Li Gu (李固; 94- December 147 or January 148), style name Zijian (子堅), was an Eastern Han Dynasty scholar and official. Twice, he opposed Liang Ji, a powerful consort kin, on the issue of succession of the imperial throne.

Service under Emperor Chong
On 27 September 144, after Emperor Chong ascended the throne, Li Gu was appointed Grand Commandant. However, Emperor Chong died the next year at the age of two. After Emperor Chong's death, Li Gu advocated that Liu Suan, Prince of Qinghe, should ascend the throne, citing his age and virtue.
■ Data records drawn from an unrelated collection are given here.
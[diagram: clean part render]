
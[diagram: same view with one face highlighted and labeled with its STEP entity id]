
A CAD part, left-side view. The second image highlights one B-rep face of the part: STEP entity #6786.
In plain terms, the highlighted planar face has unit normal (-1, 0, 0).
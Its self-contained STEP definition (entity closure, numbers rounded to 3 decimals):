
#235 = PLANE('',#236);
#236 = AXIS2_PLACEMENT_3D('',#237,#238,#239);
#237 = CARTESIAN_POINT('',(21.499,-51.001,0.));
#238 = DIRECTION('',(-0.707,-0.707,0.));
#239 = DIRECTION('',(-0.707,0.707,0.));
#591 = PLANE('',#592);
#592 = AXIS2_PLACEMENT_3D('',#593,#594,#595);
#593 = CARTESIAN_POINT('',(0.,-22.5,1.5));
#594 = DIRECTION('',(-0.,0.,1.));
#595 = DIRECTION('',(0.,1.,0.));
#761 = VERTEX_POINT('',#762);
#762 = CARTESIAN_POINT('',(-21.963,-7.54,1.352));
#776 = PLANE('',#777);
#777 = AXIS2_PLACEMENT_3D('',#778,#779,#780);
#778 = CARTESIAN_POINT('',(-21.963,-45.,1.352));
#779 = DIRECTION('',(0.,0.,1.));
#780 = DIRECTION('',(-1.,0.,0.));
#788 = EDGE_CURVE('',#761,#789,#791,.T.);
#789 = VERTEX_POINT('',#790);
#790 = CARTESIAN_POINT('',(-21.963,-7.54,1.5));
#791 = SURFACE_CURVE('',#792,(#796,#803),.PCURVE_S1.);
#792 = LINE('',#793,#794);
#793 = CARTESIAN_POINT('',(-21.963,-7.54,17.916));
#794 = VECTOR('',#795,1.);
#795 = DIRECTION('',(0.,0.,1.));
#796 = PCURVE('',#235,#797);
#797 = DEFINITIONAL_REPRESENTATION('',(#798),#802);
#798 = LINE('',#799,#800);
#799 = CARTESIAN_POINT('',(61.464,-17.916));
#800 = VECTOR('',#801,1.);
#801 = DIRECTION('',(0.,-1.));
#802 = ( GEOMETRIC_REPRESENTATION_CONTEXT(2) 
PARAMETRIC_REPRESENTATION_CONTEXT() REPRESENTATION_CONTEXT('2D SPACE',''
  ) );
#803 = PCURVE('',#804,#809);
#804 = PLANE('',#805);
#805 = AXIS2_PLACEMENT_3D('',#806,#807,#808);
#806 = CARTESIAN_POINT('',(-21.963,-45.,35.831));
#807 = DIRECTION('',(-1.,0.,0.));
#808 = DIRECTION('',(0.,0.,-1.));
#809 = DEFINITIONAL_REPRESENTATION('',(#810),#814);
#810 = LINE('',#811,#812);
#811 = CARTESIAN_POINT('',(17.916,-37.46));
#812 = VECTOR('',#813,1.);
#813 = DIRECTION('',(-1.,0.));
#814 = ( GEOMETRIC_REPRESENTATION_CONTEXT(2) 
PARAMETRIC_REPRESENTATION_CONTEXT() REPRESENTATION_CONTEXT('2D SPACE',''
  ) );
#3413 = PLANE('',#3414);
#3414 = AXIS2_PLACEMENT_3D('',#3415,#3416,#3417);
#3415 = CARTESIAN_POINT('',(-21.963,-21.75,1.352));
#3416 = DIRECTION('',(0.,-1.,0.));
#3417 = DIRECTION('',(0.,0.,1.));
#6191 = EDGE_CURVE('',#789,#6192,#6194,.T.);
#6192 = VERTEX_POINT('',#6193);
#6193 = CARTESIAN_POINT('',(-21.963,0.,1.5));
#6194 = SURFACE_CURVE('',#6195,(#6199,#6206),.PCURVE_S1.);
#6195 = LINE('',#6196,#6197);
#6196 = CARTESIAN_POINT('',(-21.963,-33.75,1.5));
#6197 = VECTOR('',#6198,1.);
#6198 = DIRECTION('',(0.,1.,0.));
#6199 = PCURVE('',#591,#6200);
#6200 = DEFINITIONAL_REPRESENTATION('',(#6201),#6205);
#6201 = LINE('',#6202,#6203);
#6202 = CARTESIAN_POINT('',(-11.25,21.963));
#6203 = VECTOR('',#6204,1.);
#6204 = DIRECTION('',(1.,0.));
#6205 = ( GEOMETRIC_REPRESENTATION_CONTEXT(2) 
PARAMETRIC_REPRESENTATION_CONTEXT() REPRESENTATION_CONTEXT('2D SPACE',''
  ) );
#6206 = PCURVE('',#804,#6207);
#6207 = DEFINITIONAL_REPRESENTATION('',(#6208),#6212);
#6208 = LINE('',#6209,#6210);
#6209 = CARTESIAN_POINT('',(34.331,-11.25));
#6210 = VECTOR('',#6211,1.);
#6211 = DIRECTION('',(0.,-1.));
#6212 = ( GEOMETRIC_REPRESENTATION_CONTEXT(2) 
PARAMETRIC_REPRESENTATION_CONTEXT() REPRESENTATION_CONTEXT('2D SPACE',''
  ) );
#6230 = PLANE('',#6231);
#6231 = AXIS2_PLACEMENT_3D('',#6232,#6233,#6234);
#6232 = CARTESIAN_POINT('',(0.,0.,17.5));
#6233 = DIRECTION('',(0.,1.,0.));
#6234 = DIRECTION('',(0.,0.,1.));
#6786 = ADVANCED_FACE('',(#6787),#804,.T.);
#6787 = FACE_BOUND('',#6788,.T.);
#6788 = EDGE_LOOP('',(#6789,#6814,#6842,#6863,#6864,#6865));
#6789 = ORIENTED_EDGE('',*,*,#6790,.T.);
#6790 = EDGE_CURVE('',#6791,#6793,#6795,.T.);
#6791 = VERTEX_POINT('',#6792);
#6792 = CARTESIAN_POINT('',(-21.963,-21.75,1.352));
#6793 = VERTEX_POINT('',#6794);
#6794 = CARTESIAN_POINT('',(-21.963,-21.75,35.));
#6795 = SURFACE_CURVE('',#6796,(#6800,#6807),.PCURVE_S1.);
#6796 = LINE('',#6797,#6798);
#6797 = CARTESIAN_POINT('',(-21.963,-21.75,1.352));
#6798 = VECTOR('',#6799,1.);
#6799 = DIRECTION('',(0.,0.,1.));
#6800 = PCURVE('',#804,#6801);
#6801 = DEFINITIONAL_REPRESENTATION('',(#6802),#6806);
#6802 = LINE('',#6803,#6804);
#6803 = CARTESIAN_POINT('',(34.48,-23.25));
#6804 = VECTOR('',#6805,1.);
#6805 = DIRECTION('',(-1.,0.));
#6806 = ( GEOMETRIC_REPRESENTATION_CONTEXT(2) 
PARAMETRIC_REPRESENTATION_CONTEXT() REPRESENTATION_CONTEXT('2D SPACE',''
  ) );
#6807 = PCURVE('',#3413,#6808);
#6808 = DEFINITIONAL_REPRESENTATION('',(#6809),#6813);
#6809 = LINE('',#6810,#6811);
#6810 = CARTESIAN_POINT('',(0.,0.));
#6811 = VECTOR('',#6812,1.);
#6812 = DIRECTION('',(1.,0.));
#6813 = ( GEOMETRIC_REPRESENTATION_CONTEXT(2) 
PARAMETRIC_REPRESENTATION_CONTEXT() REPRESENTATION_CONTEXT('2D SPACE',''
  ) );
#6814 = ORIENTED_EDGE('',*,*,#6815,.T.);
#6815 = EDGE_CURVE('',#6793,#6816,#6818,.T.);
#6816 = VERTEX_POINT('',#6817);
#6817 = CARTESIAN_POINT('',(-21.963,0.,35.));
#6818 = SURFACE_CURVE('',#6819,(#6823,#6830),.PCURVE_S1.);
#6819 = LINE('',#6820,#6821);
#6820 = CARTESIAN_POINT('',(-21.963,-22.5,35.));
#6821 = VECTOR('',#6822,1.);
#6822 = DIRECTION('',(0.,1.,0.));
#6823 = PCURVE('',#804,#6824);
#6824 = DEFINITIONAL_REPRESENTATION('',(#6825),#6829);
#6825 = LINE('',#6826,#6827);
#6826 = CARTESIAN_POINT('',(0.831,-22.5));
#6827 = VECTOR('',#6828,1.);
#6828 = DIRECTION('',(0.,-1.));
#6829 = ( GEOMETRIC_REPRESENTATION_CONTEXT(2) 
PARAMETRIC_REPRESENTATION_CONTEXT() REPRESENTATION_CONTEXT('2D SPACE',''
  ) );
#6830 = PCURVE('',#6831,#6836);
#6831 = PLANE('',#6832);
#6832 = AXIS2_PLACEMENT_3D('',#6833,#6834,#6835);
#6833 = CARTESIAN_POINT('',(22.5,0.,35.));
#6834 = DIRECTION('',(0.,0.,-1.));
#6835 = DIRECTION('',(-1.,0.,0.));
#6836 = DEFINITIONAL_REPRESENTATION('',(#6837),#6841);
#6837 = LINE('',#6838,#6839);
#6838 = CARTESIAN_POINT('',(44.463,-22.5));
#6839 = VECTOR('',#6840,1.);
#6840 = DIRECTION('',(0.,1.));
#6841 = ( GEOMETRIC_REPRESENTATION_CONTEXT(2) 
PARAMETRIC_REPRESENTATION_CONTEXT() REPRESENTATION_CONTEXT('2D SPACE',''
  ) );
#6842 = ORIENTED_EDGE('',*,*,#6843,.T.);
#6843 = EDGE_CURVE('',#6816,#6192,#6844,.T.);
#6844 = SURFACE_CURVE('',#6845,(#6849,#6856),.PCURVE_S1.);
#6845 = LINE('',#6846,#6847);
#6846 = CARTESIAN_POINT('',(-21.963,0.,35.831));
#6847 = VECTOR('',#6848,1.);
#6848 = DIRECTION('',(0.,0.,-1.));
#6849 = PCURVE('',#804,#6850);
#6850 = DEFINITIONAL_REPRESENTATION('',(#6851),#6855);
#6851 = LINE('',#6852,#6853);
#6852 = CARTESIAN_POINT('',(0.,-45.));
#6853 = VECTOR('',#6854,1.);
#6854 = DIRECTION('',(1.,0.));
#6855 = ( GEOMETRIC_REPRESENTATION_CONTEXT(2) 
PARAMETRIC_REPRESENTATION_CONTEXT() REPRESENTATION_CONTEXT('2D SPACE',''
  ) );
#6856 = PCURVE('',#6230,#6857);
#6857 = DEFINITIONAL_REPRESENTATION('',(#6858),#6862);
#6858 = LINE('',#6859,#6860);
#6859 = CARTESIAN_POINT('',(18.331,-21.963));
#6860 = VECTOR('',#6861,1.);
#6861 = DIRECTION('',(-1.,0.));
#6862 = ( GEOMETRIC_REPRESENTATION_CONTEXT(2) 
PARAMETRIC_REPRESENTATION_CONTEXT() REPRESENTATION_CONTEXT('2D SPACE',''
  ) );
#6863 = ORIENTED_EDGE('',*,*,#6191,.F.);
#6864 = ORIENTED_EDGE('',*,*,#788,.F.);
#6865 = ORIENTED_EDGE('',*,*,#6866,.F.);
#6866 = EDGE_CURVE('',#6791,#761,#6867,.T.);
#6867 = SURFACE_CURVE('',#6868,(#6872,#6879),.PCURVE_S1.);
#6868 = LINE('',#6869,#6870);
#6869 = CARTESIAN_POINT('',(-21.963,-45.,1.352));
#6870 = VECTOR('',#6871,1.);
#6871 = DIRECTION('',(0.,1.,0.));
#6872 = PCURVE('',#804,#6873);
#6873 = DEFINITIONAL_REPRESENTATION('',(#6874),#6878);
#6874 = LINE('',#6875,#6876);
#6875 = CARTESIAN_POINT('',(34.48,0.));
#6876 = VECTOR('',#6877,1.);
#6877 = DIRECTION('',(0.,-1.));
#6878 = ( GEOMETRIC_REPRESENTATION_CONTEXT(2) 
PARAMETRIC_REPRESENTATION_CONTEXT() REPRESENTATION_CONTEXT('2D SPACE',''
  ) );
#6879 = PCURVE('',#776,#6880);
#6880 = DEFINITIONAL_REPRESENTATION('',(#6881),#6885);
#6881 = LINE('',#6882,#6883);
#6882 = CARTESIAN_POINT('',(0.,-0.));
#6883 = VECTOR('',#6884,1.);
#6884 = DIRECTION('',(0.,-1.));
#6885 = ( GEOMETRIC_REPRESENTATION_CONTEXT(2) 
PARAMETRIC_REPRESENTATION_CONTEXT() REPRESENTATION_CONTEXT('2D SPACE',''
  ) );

However, Liang Ji ignored him and made Liu Zuan (the future Emperor Zhi, then the son of Prince of Le'an Liu Hong) emperor instead.

Service under Emperor Zhi
When Emperor Zhi ascended the throne in 145, Li Gu retained his post as Grand Commandant. However, Liang Ji soon became apprehensive of Emperor Zhi's intelligence. On 26 July 146, he had his underlings poison a bowl of pastry soup and had it given to the emperor. After the young emperor consumed the soup, he quickly suffered great pain, and he summoned Li immediately and also requested for water, believing that water would save him. However, Liang, who was by the emperor's side, immediately ordered that the emperor not be given any water; the young emperor immediately died. Li cried bitterly upon Emperor Zhi's death and advocated a full investigation, but Liang was able to have the investigation efforts suppressed. Soon after Emperor Zhi's death, on 29 July 146, Li Gu was dismissed as Grand Commandant.